In summary, we developed a NimbleGen CGH array and mapped 29,193 repeat junction sites and 12,417 gene based markers to specific D chromosomes of the wheat genomes. Among them, 5,171 RJMs and 10,892 gene probes representing 5,070 genes were mapped to the deletion bins of the D genome. Therefore, in addition to these repeat junction sites, we also mapped more than 2000 genes to the deletion bins as compared to the previous EST deletion bin map (2,962 gene sequences). In bread wheat, aneuploid stocks have been extensively used to assign markers linked with genes/traits to chromosomes, chromosome arms, and their specific bins. One disadvantage of the previous assignment of wheat ESTs to chromosome bins is that loci within each bin cannot be ordered. By utilizing the Ae. tauschii genetic map, in this study, the mapped genes within the deletion bins could be easily ordered. The ordered genes as well as repeat junction sites in deletion bin lines can provide a valuable resource for targeted mapping and map based cloning studies of the genes located on the D genome chromosomes of hexaploid wheat. A specific database (http://probes.pw.usda.gov/ATRJM/) was developed to allow users to search for marker/probe sequences within specific deletion bins or individual chromosomes by a simple BLAST analysis or marker ID input. In addition, we showed that 17,453 probes on the NimbleGen array can be linked to sequence contigs in the bread wheat sequence data, with an accumulated sequence length of ~155 Mb, representing ~3.2 % of the D genome. If a probe sequence can be anchored to the Chinese Spring shotgun sequence assembly data, the website will provide a link connecting to the sequence scaffold annotated in the EnsemblPlants database (http://plants.ensembl.org/index.html). This provides additional sequence information surrounding the marker/probe for further analysis. In addition, PCR primers designed to amplify the marker regions are provided and available for download, providing an easy and effective marker system for mapping of individual genes/traits of interest.

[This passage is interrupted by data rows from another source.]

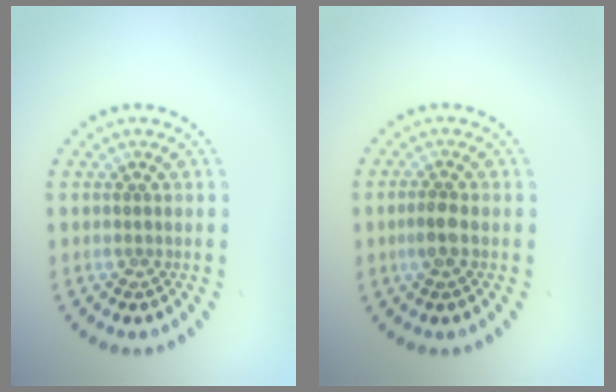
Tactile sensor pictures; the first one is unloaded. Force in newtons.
{"total": 1.6, "press": 1.6, "slide": 0.5}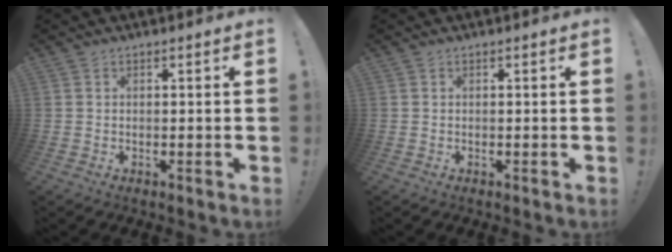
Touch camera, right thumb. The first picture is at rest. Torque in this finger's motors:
{"motor_torque": [-0.12, 0.12, 0.00, 0.00, 0.00]}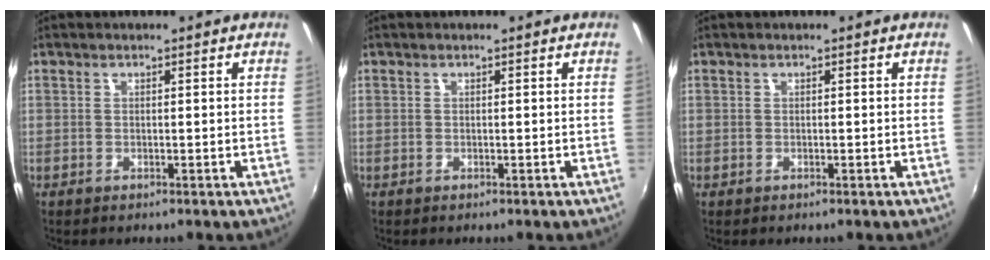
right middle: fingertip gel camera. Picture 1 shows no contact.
{"total": 0.0}
{"total": 0.0}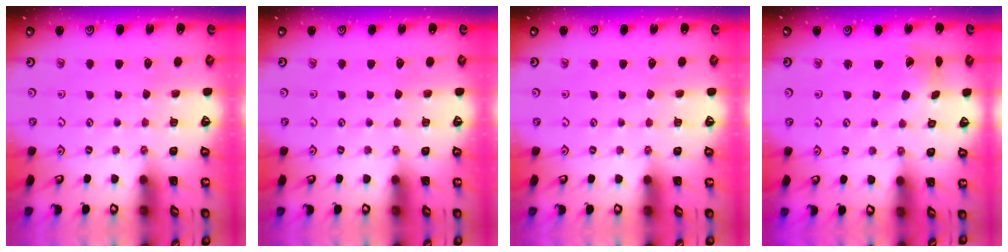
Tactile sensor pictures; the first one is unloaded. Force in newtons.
{"total": 0.0}
{"total": 0.0}
{"total": 2.8, "press": 2.7, "slide": 0.4}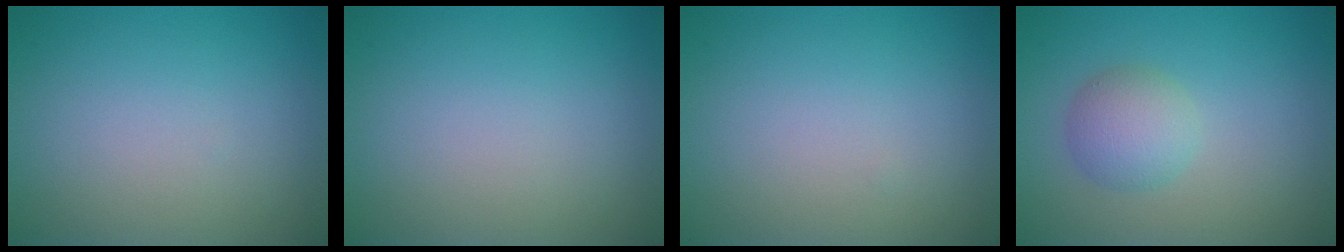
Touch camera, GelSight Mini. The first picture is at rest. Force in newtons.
{"total": 0.0}
{"total": 0.0}
{"total": 3.0, "press": 3.0, "slide": 0.1}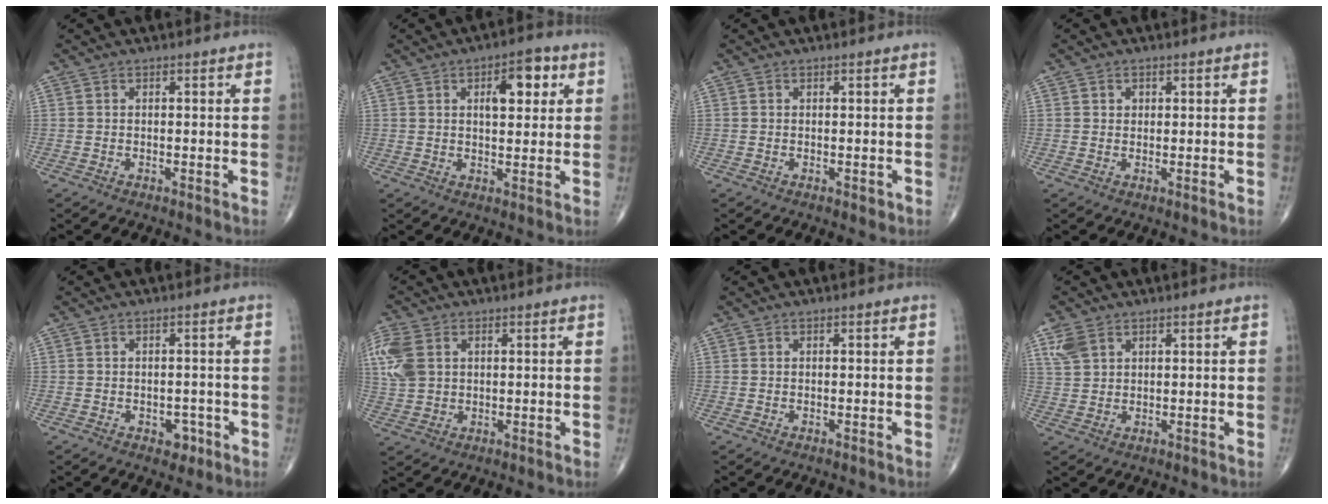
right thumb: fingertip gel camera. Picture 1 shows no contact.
{"total": 8.2, "force": [2.8, 3.9, 6.6], "torque": [-0.071, -0.001, 0.038]}
{"total": 0.8, "force": [-0.1, 0.5, 0.5], "torque": [-0.001, 0.000, 0.000]}
{"total": 1.3, "force": [0.5, 1.1, 0.5], "torque": [0.003, -0.002, 0.006]}
{"total": 2.7, "force": [-1.2, 1.9, 1.5], "torque": [-0.001, 0.005, -0.014]}
{"total": 8.5, "force": [2.4, 5.9, 5.6], "torque": [-0.141, 0.004, 0.053]}
{"total": 0.0}
{"total": 4.2, "force": [2.4, 2.6, 2.2], "torque": [-0.044, -0.002, 0.057]}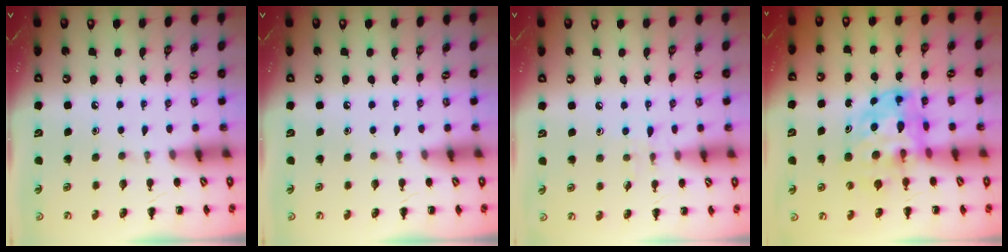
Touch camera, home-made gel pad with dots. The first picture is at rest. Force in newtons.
{"total": 0.0}
{"total": 5.9, "press": 5.5, "slide": 2.2}
{"total": 10.5, "press": 10.0, "slide": 3.4}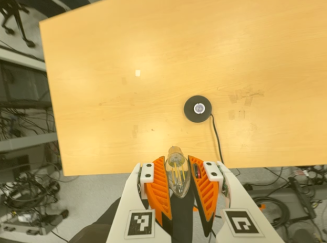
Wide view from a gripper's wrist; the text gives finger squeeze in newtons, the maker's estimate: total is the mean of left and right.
{"total": 8.5, "left": 7.9, "right": 9.2}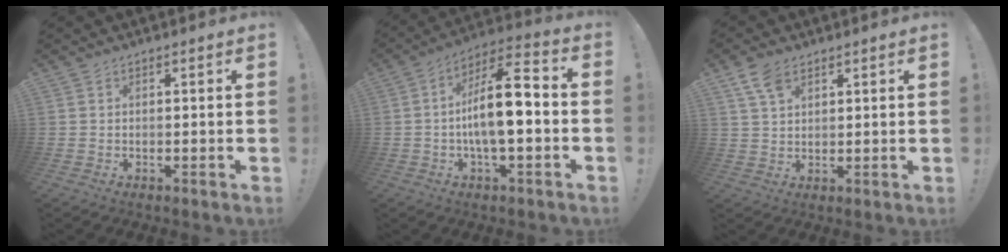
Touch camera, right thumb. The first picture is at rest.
{"total": 15.2, "force": [-2.0, 5.2, 14.1], "torque": [-0.239, 0.014, -0.037]}
{"total": 6.6, "force": [4.0, 3.8, 3.5], "torque": [-0.065, -0.013, 0.077]}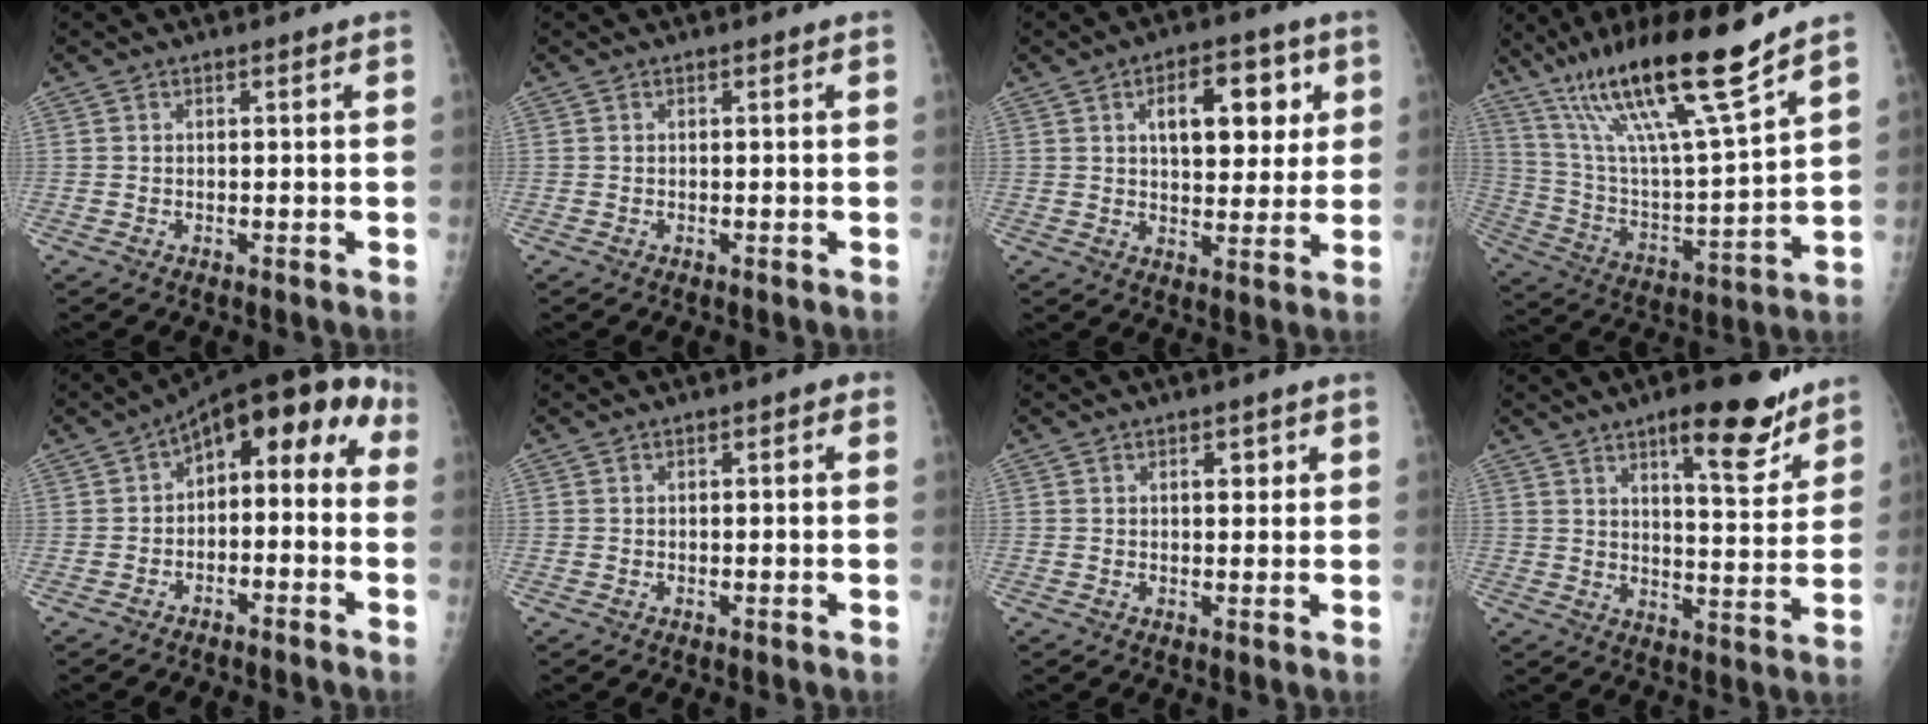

Identification of RJMs for NimbleGen array
A 1X Roche 454 shotgun genome sequence of Ae. tauschii accession AL8/78  was used to screen and identify repeat junction region sequences using a software pipeline, RJPrimer  developed previously in the lab. After the identification of Roche 454 reads containing repeat junction regions, we employed multiple steps in the selection process of repeat junction markers for the NimbleGen array; including trimming of the marker sequences to 52 bp with the repeat junction at the midpoint, removing high-copy junction markers via BLASTN, eliminating sequence errors through sequence validation with Illumina reads, and selection of markers with the GC content ranging 50 % to 65 % and melting temperature ranging from 76 °C to 83 °C.
Design of high-throughput NimbleGen mapping array
A 135,000 (3X 45,000) probe array was designed using: 31,205 Ae. tauschii repeat junction markers and 15,016 gene markers for 6,348 genes. The genes were represented by 1–6 marker probes. Each marker was replicated three times as 52 bp long probes randomly printed on the array and all probes were of a length of 52 bp. Each repeat junction probe was duplicated on the nullisomic-tetrasomic and deletion lines of D genome chromosomes. NimbleGen loading and handling controls were included to standardize the arrays and to identify poor labeling or poor hybridization.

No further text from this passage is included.